I just reponded to your other request on having your period return. As for weaning... just do it slowly. Go down to 3 times a day, then 2, then 1. Then do it for 5 min. at a time, then 3, then 2.. etc. Pick your child's favorite time to nurse (at night, at morning.. whatever) and save this nurse time for the last one to go. I did this type of pattern and then my son would go a day or two between nursings. Then it was a week.. and then it was over. No big dramma (but he was 18 months and not as stubborn as he is now at 21 months). At 21 months you should also be able to discuss with the toddler that "nursing" (or whatever you call it) is going bye-bye and that he is a "big kid" now. My husband started to put my son to bed too that this changed routine was really helpful to drop the bedtime nursing.

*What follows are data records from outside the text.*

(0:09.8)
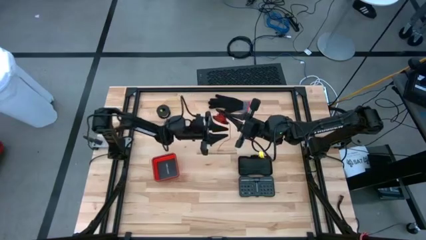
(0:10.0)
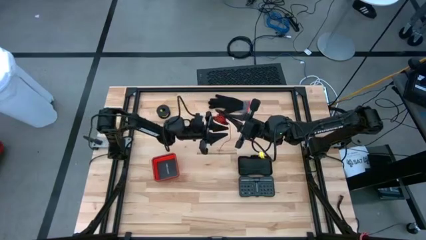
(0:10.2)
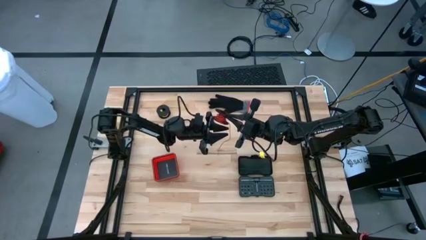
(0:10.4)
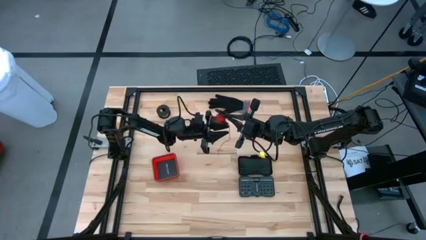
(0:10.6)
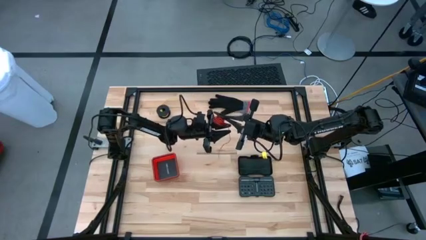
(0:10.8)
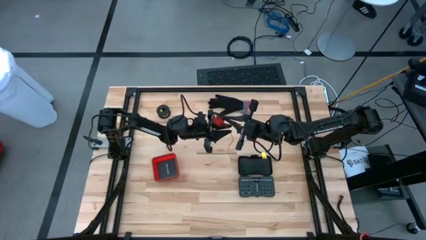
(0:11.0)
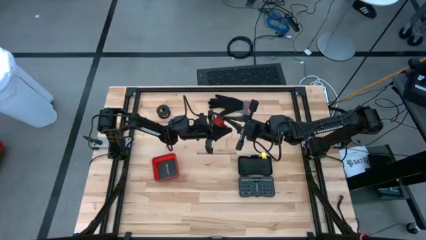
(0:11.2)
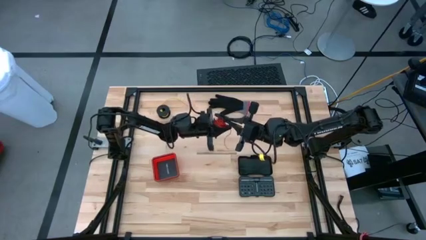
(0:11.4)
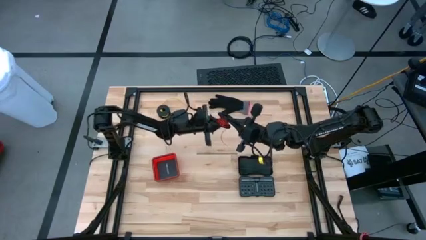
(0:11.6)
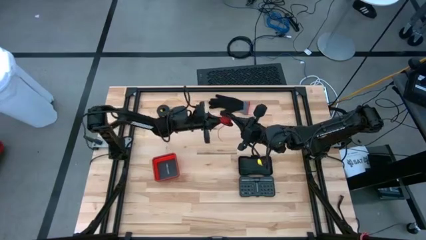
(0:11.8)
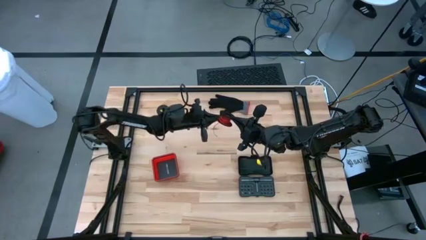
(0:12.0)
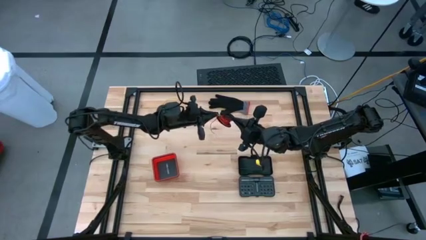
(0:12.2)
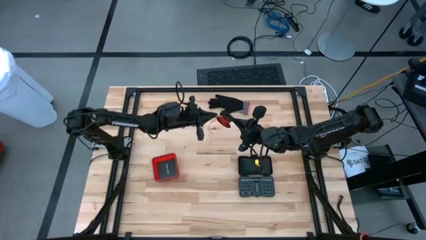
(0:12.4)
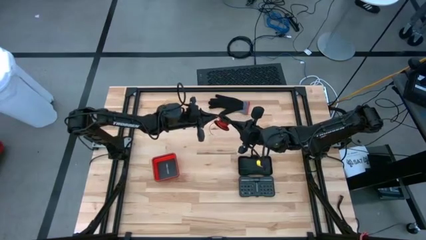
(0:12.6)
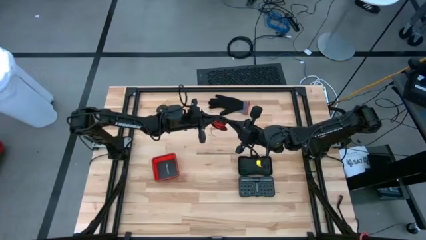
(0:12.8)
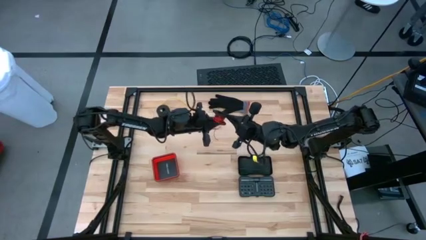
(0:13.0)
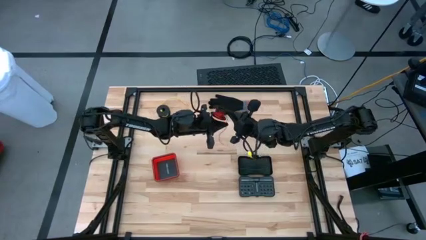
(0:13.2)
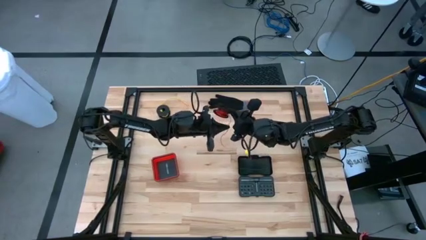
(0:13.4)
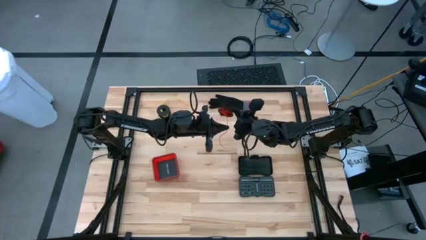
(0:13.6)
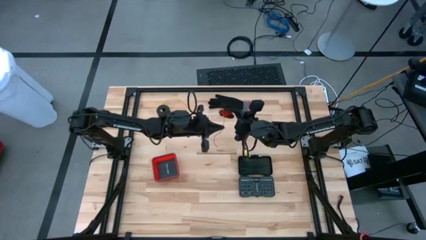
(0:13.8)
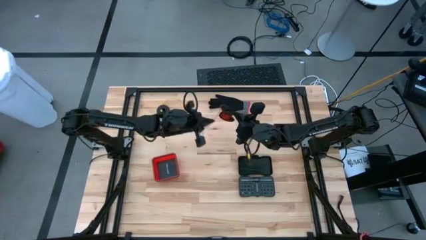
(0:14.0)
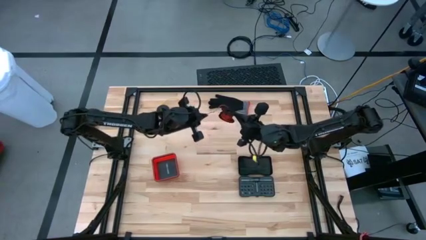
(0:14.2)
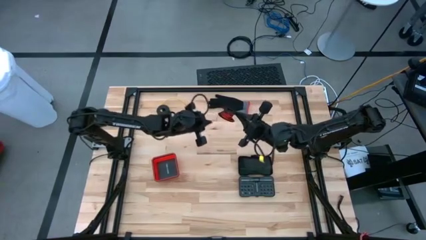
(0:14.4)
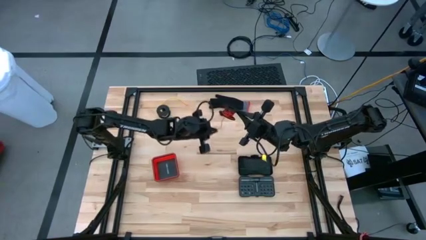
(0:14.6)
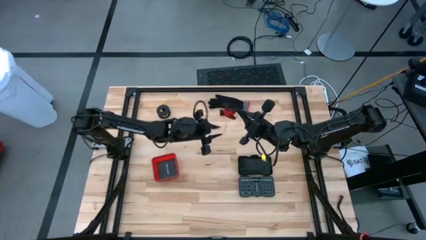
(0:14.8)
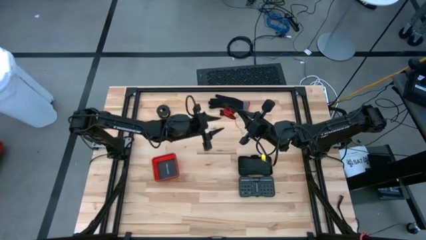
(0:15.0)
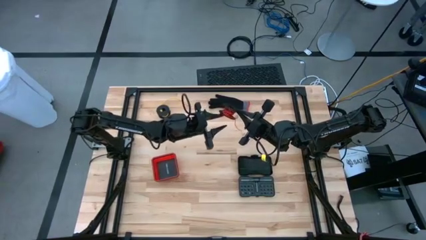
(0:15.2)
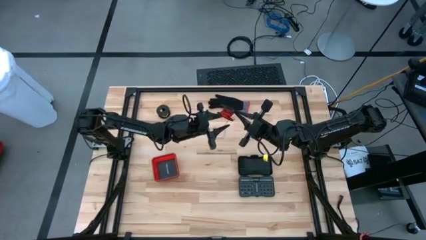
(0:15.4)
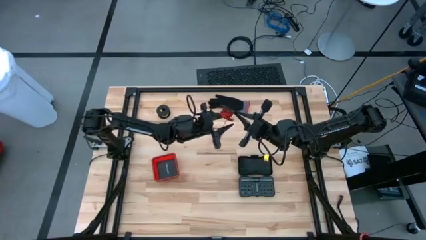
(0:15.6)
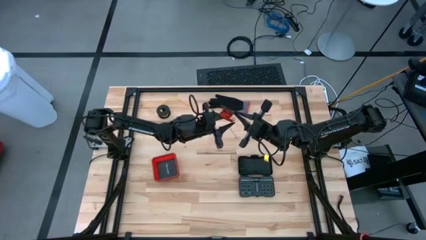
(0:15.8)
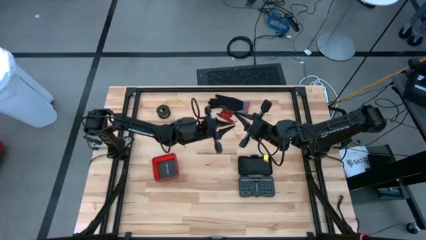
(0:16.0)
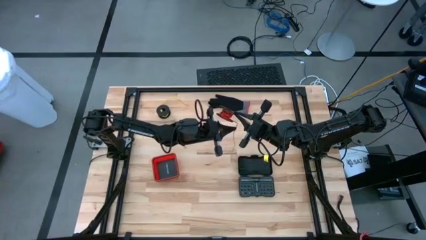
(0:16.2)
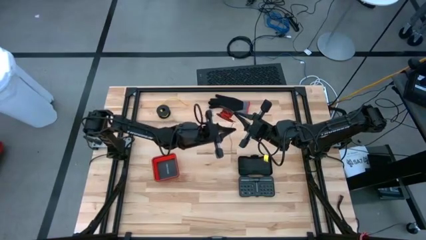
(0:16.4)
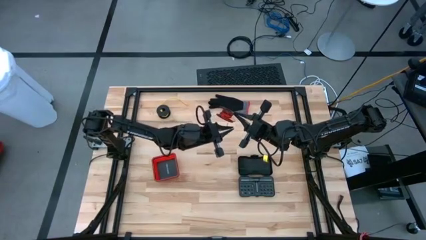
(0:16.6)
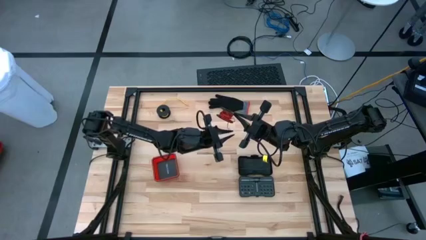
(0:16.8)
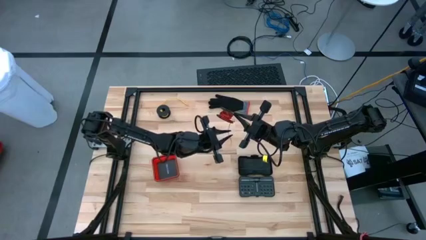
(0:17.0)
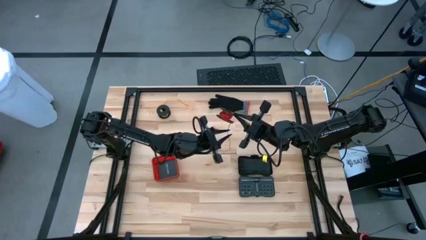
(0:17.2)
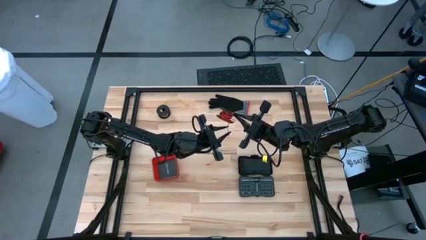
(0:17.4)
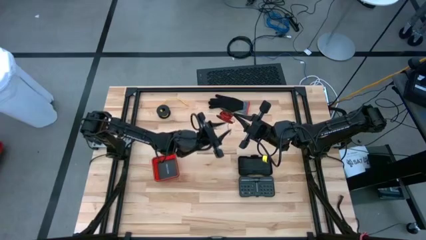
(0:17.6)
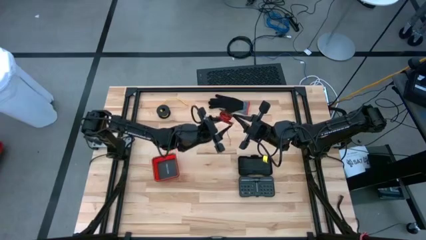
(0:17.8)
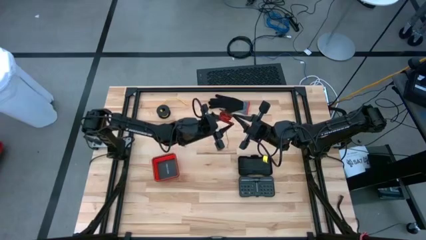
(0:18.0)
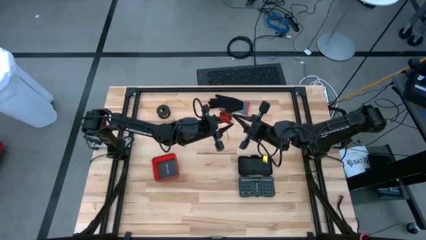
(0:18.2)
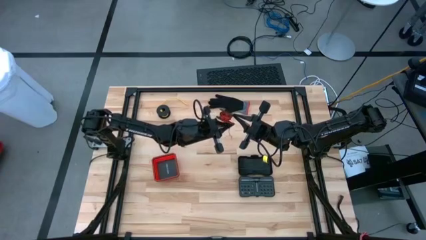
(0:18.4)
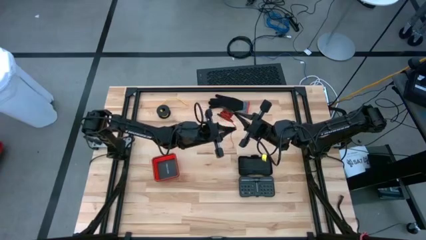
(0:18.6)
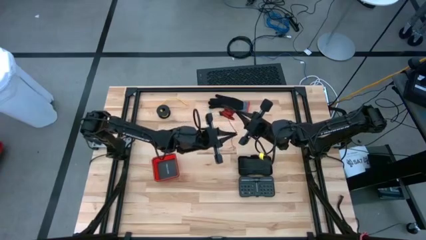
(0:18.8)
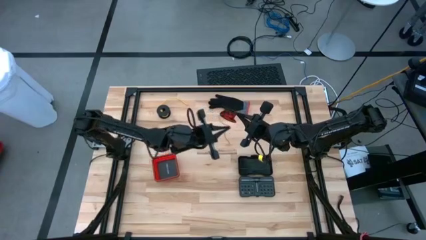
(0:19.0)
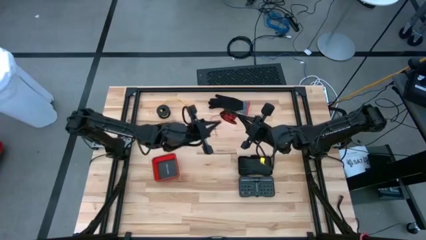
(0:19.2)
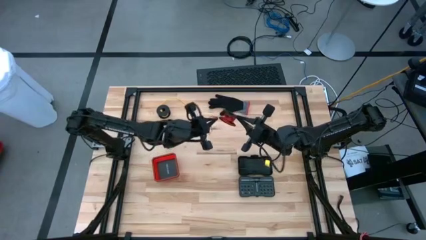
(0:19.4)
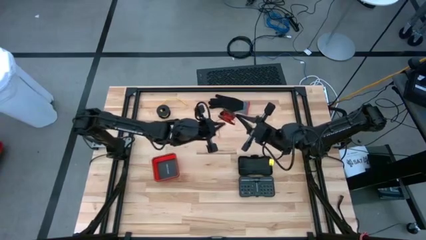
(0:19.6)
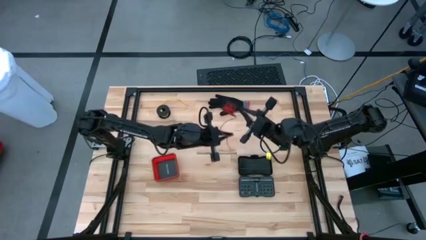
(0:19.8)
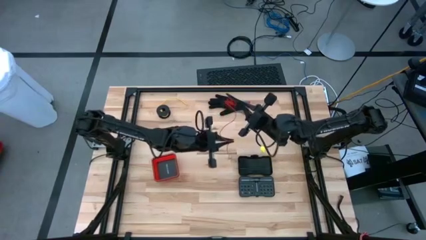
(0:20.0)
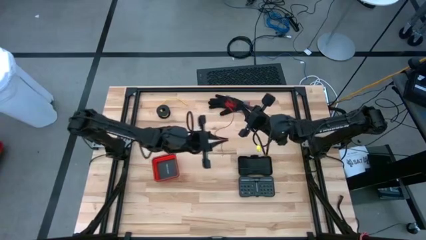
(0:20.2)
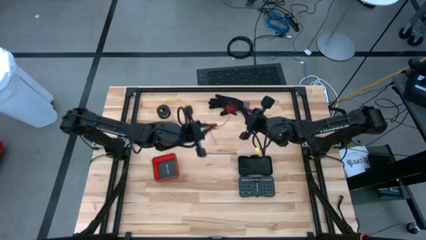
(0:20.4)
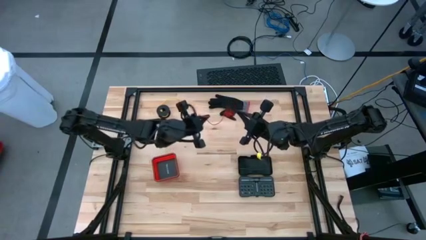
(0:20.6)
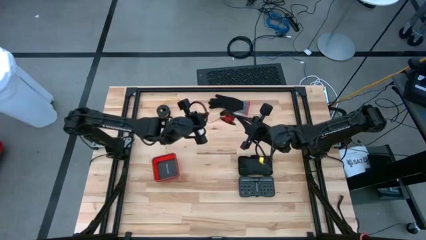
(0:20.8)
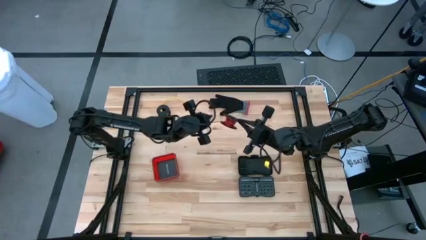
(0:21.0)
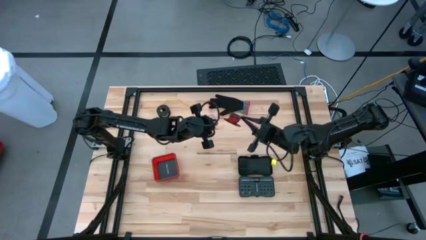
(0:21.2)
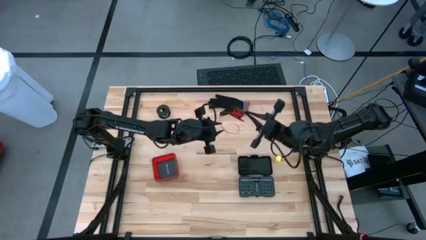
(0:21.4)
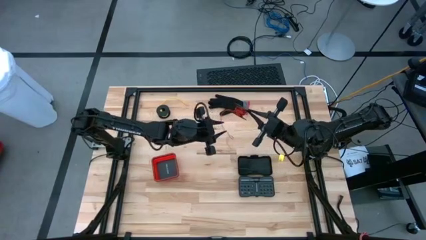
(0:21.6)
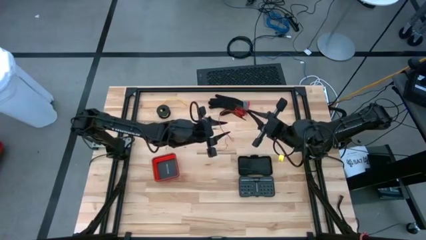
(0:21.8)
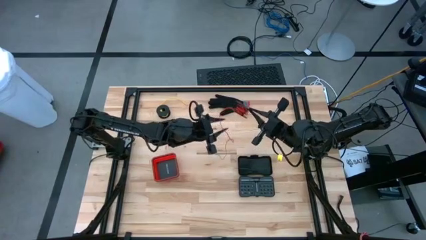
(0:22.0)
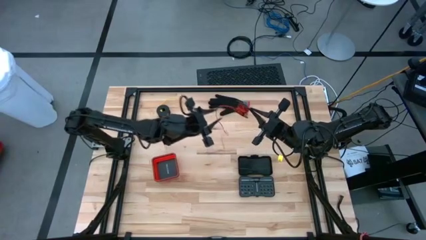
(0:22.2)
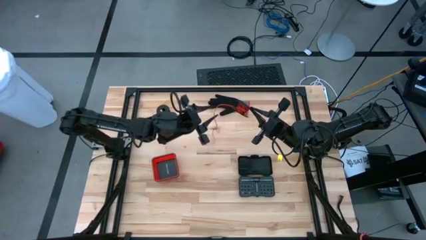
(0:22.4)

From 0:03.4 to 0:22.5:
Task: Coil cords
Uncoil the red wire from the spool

In the morning we still snuggle and he will occasionally talk about "nooing" and my "boos" but often he just wants to look or touch and then says "bye-bye". Honestly in the end, it was harder on me emotionally than on my boy. Good luck.. this is a hard one, but you can do it if you feel that the time is right for this next stage.

E.S.

answers from Fort Collins on

Your period probably won't return until after you wean your toddler. As long as you are nursing and you do not have a period, it is probably nothing to worry about. Once you wean, your period will return.

It is possible to get pregnant while nursing, but not probable. If you really want to get pregnant, you should wean your child, your period will return and you should be able to conceive.